Data entries:
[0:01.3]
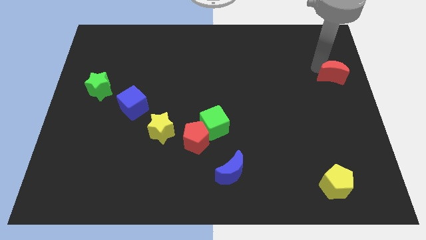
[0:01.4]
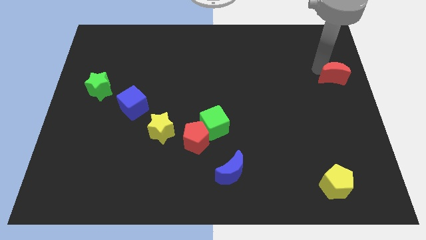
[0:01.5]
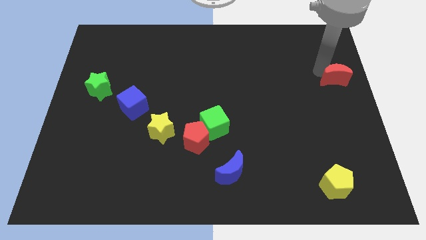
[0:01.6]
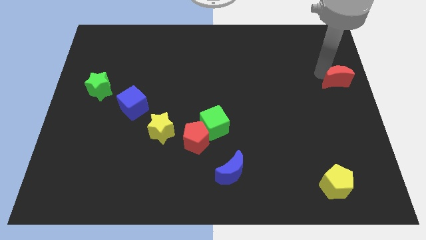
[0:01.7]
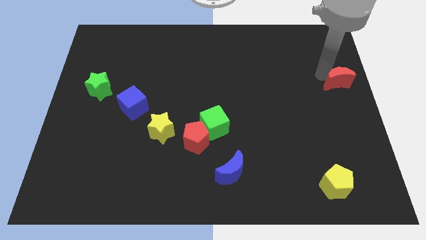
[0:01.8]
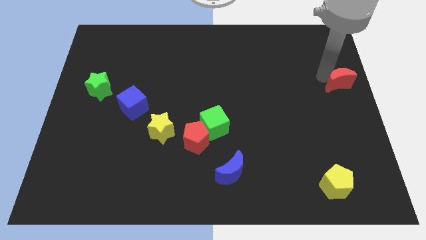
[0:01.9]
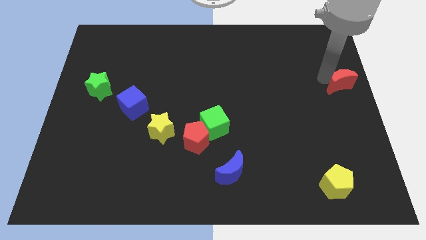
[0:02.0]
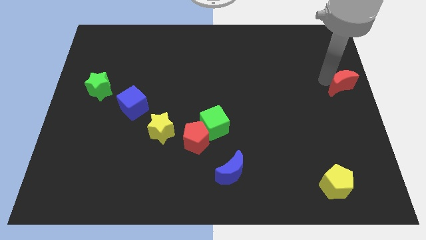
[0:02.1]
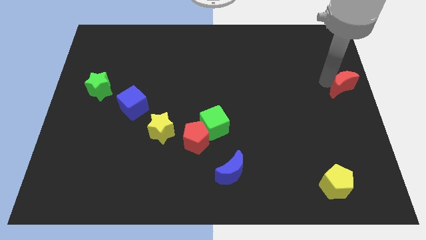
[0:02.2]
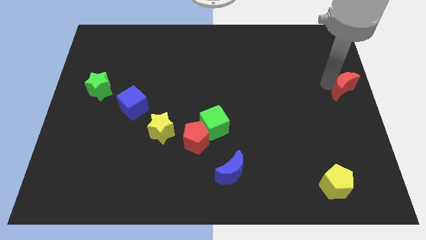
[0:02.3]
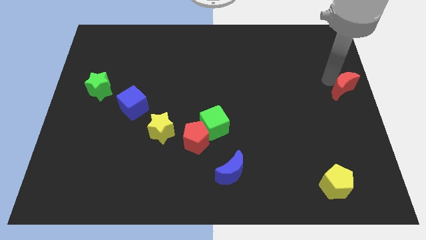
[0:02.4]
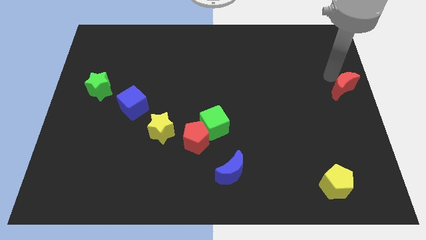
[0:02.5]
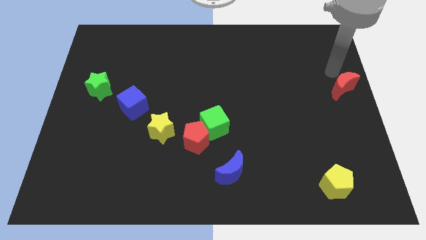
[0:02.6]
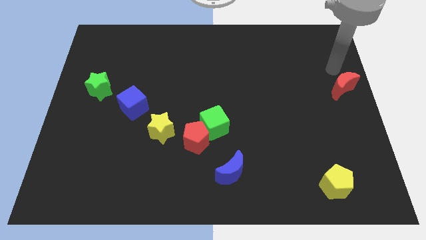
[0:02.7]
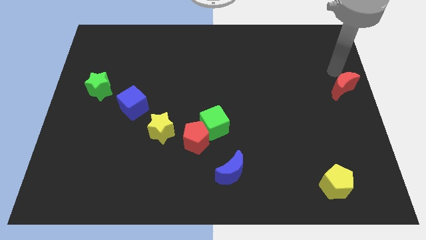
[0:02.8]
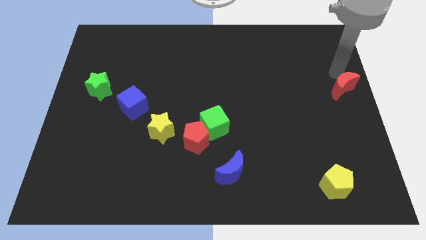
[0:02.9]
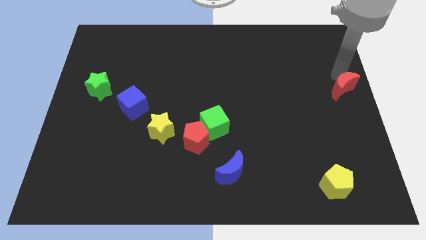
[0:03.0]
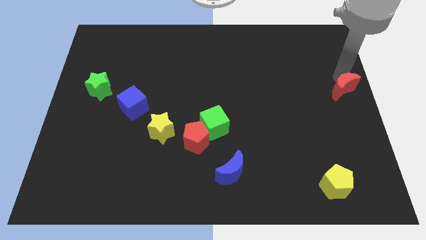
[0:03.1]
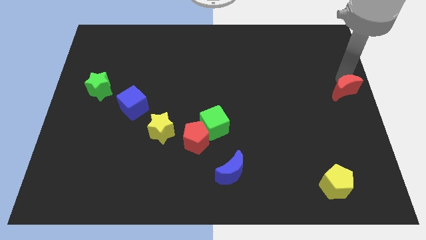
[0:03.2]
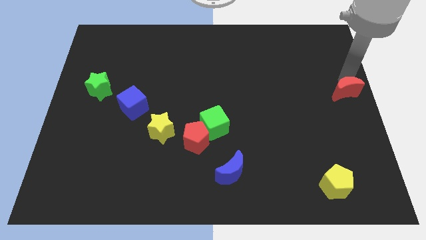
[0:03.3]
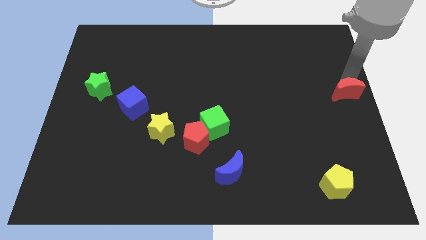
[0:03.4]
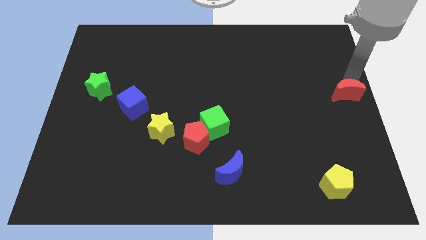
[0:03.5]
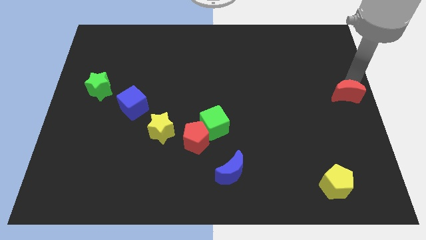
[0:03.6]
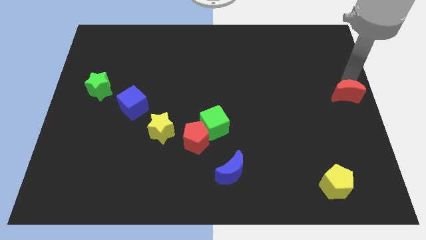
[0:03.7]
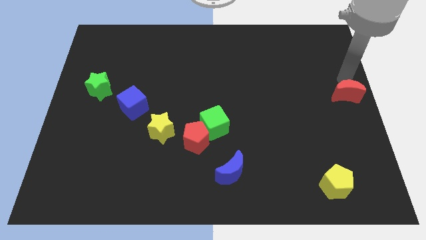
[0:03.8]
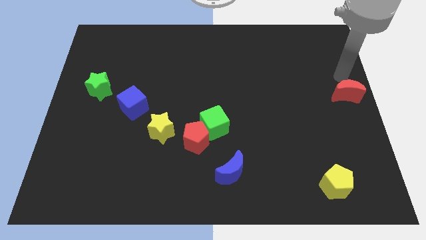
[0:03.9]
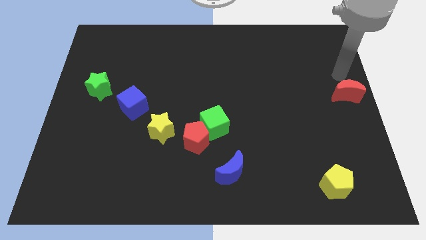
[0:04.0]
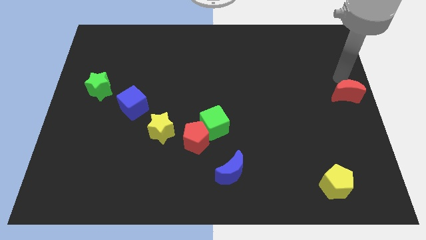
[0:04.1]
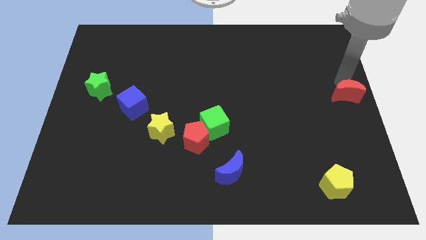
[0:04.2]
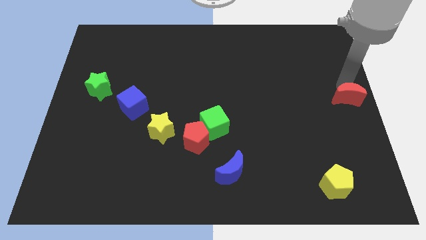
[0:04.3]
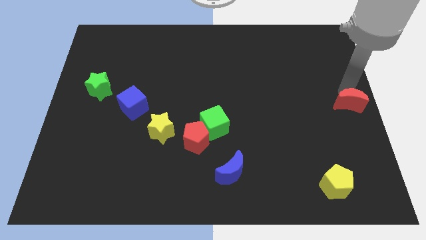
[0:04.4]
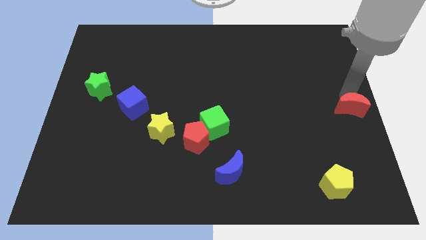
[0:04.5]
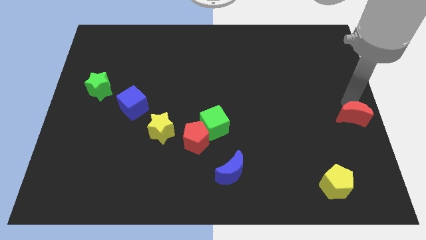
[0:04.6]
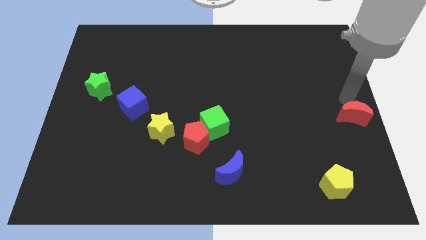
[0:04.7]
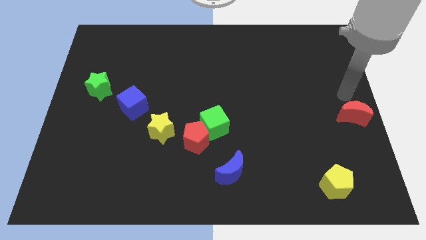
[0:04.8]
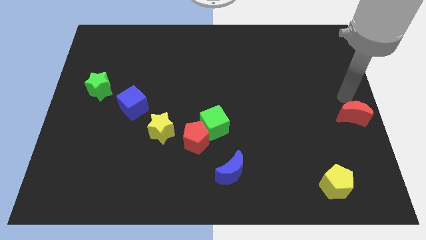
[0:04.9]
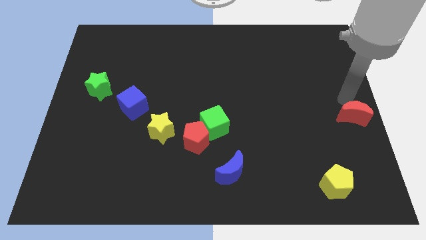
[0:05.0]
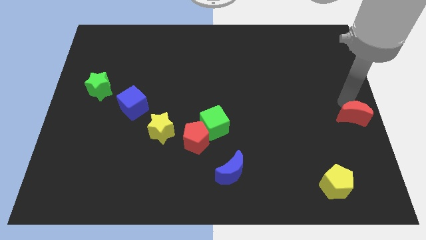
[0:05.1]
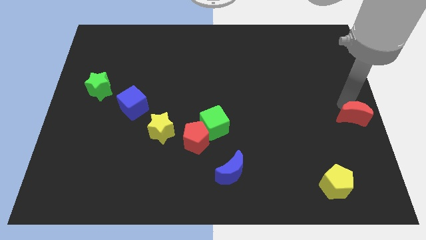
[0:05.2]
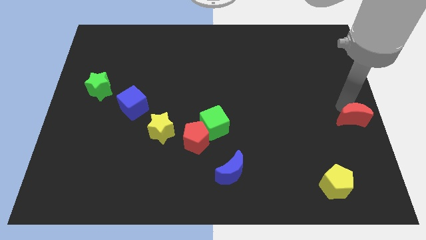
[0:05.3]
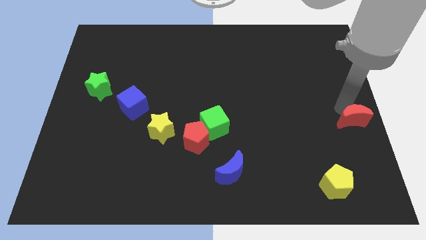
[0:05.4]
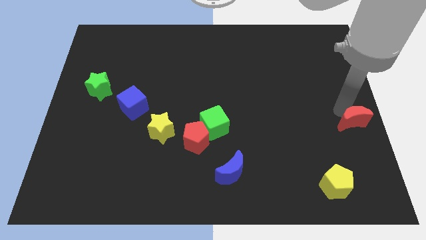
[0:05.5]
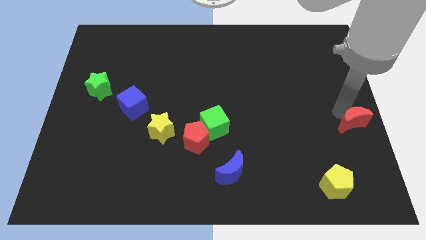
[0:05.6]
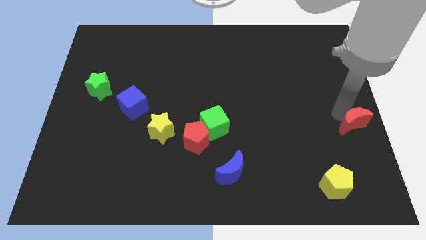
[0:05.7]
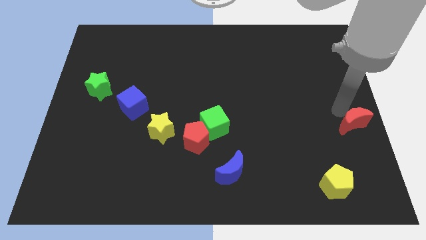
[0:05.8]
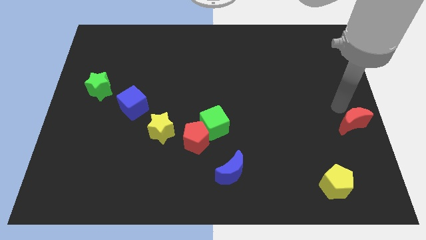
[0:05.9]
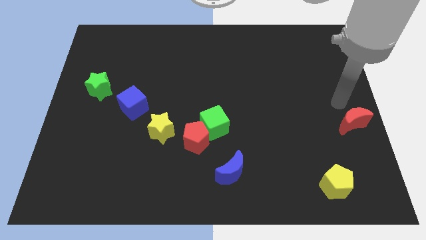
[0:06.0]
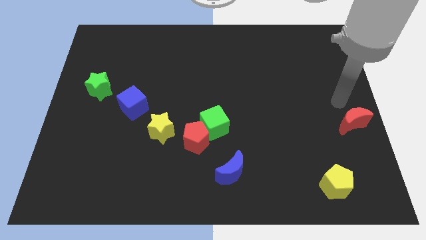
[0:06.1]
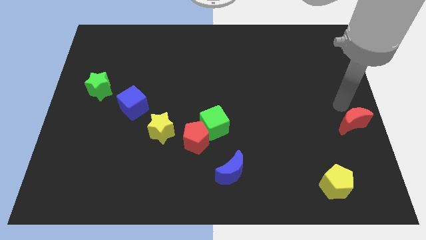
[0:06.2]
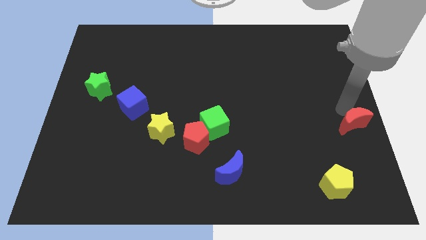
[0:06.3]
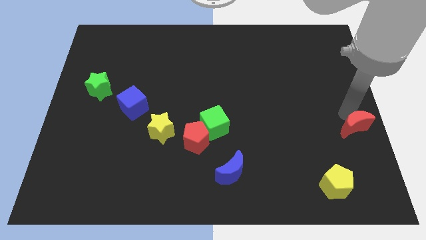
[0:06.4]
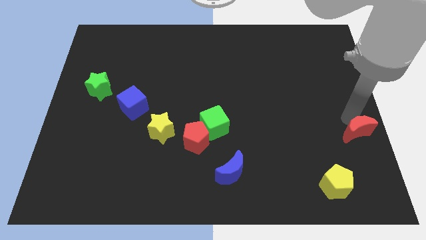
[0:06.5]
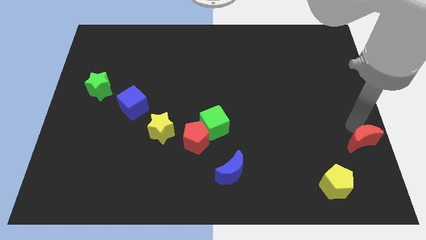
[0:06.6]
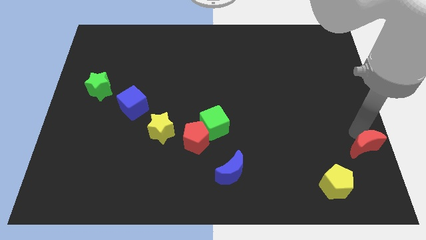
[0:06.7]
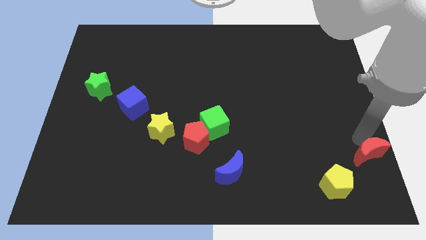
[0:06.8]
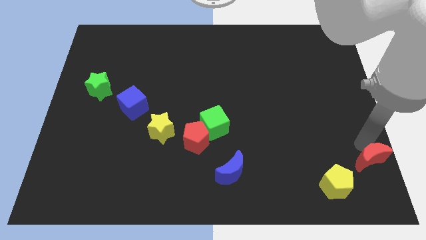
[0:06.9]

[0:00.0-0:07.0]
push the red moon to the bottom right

**YOUR ASSIGNMENT:**
Since the pictures don't belong in the copy, copy only the rest of the entries above exactly.

**SOLUTION:**
[0:01.3]
[0:01.4]
[0:01.5]
[0:01.6]
[0:01.7]
[0:01.8]
[0:01.9]
[0:02.0]
[0:02.1]
[0:02.2]
[0:02.3]
[0:02.4]
[0:02.5]
[0:02.6]
[0:02.7]
[0:02.8]
[0:02.9]
[0:03.0]
[0:03.1]
[0:03.2]
[0:03.3]
[0:03.4]
[0:03.5]
[0:03.6]
[0:03.7]
[0:03.8]
[0:03.9]
[0:04.0]
[0:04.1]
[0:04.2]
[0:04.3]
[0:04.4]
[0:04.5]
[0:04.6]
[0:04.7]
[0:04.8]
[0:04.9]
[0:05.0]
[0:05.1]
[0:05.2]
[0:05.3]
[0:05.4]
[0:05.5]
[0:05.6]
[0:05.7]
[0:05.8]
[0:05.9]
[0:06.0]
[0:06.1]
[0:06.2]
[0:06.3]
[0:06.4]
[0:06.5]
[0:06.6]
[0:06.7]
[0:06.8]
[0:06.9]

[0:00.0-0:07.0]
push the red moon to the bottom right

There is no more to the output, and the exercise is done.